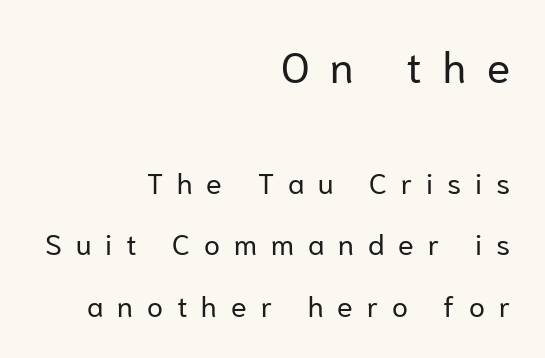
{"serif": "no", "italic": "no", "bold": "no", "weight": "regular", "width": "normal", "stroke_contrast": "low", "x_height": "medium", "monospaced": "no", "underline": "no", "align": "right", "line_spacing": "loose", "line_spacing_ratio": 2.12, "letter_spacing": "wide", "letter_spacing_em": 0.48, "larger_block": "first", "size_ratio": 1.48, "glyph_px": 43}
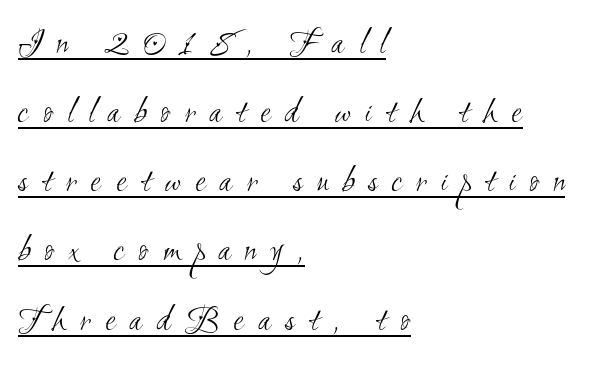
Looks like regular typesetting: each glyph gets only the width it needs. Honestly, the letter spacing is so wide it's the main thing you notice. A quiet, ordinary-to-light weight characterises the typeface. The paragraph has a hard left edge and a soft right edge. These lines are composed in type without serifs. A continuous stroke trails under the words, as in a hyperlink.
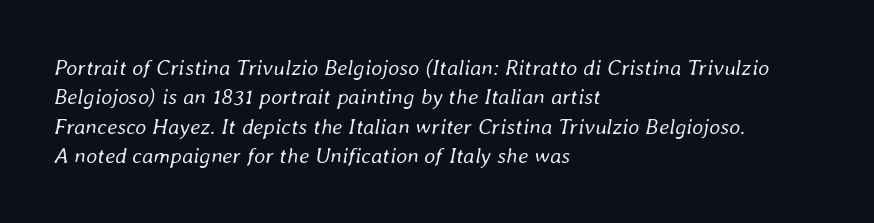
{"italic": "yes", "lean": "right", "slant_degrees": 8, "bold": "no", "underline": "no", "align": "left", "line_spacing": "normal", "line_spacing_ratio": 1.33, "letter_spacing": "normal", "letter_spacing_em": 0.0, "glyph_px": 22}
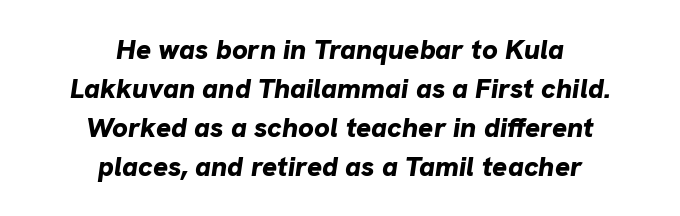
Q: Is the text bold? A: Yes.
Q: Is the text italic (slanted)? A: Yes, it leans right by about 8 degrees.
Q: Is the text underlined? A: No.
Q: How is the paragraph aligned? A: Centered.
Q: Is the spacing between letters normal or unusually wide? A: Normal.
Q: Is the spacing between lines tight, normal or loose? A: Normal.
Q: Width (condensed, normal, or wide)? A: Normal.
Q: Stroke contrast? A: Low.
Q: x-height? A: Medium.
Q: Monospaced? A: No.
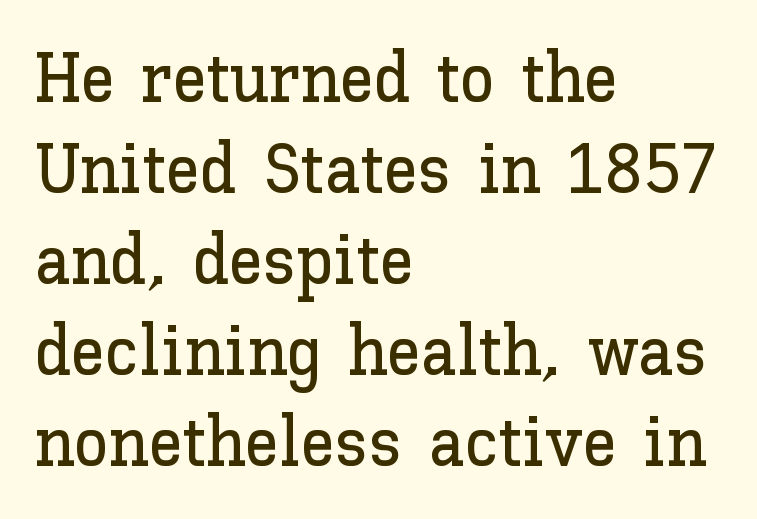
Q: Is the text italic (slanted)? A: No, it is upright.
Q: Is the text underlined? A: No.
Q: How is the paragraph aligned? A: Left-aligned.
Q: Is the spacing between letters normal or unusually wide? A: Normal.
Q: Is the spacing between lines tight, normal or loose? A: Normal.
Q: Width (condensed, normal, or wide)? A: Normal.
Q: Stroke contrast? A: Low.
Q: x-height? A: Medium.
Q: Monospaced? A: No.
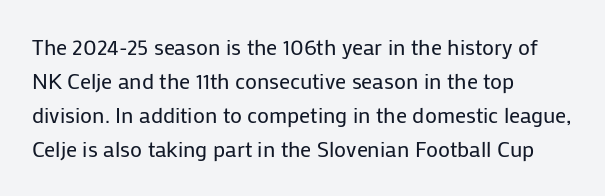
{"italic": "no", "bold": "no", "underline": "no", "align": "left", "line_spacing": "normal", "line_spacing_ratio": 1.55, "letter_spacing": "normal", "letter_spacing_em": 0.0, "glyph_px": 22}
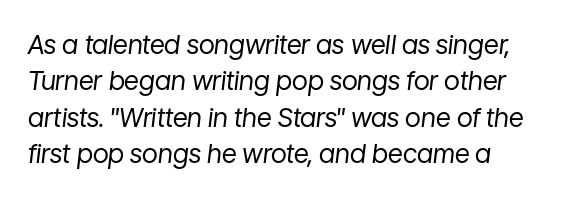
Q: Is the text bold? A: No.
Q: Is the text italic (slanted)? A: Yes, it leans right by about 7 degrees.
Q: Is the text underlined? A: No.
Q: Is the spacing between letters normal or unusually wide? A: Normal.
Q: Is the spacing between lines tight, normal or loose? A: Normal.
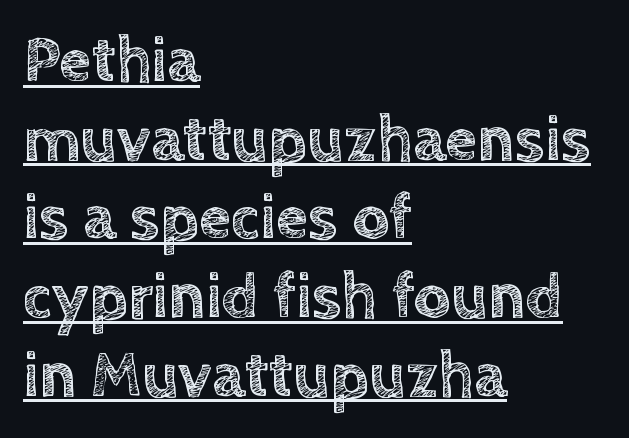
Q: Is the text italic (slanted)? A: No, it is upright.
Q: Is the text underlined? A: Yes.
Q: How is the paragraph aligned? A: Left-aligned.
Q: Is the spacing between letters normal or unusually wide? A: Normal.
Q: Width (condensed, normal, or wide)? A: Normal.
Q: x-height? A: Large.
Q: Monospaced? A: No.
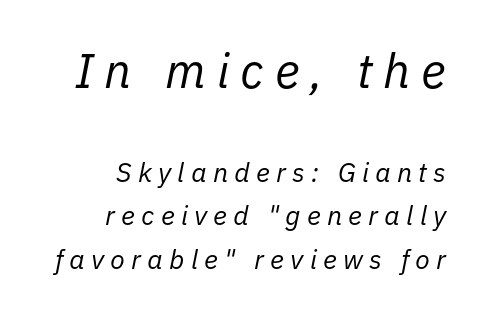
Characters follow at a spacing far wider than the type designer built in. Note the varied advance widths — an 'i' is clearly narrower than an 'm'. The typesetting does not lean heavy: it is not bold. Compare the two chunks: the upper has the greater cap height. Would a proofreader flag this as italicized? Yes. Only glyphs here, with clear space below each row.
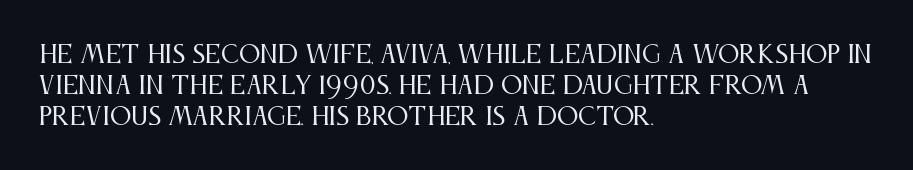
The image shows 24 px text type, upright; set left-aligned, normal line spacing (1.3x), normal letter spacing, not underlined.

* * *

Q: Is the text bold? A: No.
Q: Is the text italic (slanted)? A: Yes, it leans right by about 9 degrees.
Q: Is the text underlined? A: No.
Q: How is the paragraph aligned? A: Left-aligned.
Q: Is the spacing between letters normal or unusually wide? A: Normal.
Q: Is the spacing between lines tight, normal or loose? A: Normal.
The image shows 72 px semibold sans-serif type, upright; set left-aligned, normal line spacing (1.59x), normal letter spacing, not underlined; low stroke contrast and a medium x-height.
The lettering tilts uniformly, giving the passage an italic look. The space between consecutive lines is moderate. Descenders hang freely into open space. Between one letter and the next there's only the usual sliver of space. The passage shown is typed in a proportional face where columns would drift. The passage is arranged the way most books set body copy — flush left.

---

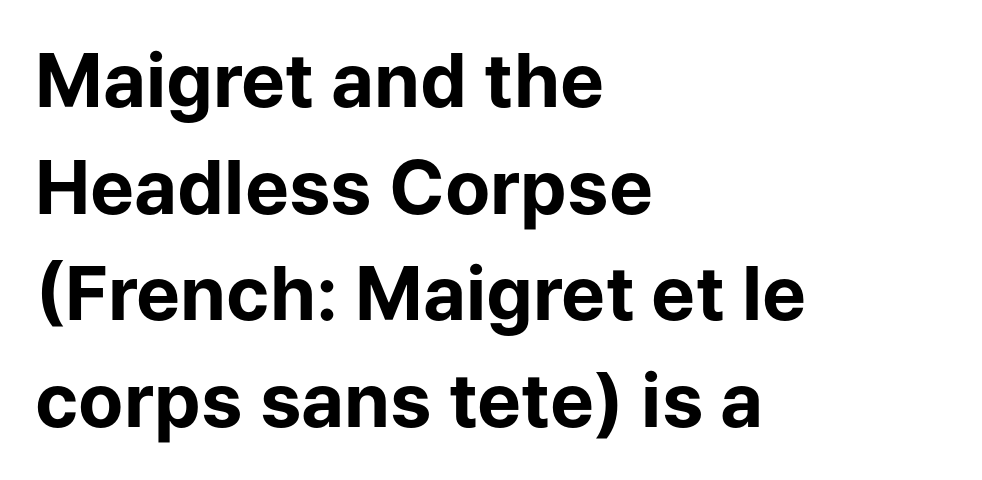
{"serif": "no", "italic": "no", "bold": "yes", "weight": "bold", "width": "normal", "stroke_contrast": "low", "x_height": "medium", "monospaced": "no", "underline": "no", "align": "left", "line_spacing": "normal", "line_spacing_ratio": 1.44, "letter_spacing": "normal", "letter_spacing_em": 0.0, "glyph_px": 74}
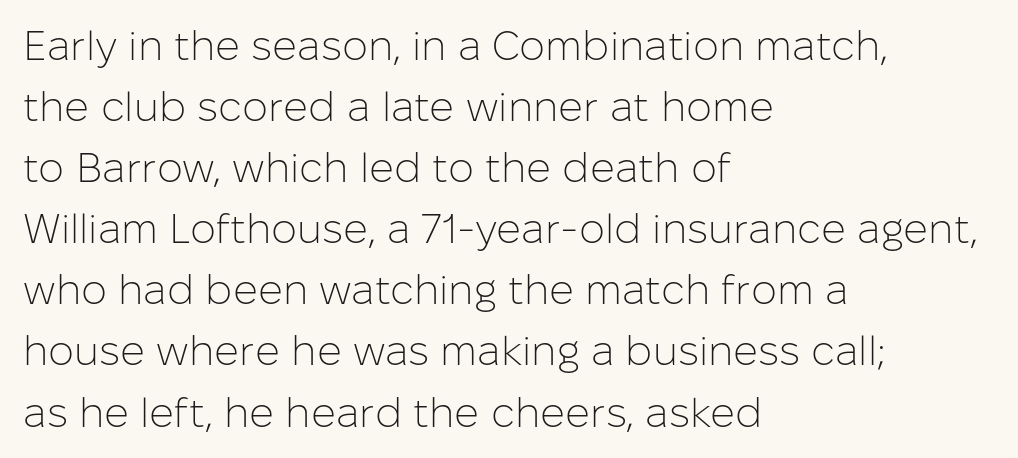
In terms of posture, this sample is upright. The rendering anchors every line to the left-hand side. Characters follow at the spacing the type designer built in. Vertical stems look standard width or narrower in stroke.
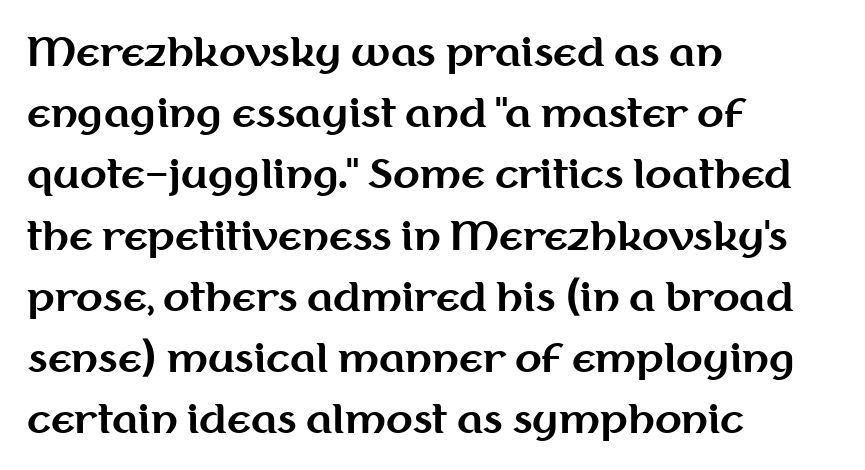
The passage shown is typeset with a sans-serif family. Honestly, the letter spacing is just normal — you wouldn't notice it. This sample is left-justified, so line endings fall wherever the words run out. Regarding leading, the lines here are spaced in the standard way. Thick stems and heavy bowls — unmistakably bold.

#### THE TASK
Your response should be each line that includes the word "image", copied from the records.

#### RESULT
The image shows 24 px text type, upright; set left-aligned, normal line spacing (1.3x), normal letter spacing, not underlined.
The image shows 72 px semibold sans-serif type, upright; set left-aligned, normal line spacing (1.59x), normal letter spacing, not underlined; low stroke contrast and a medium x-height.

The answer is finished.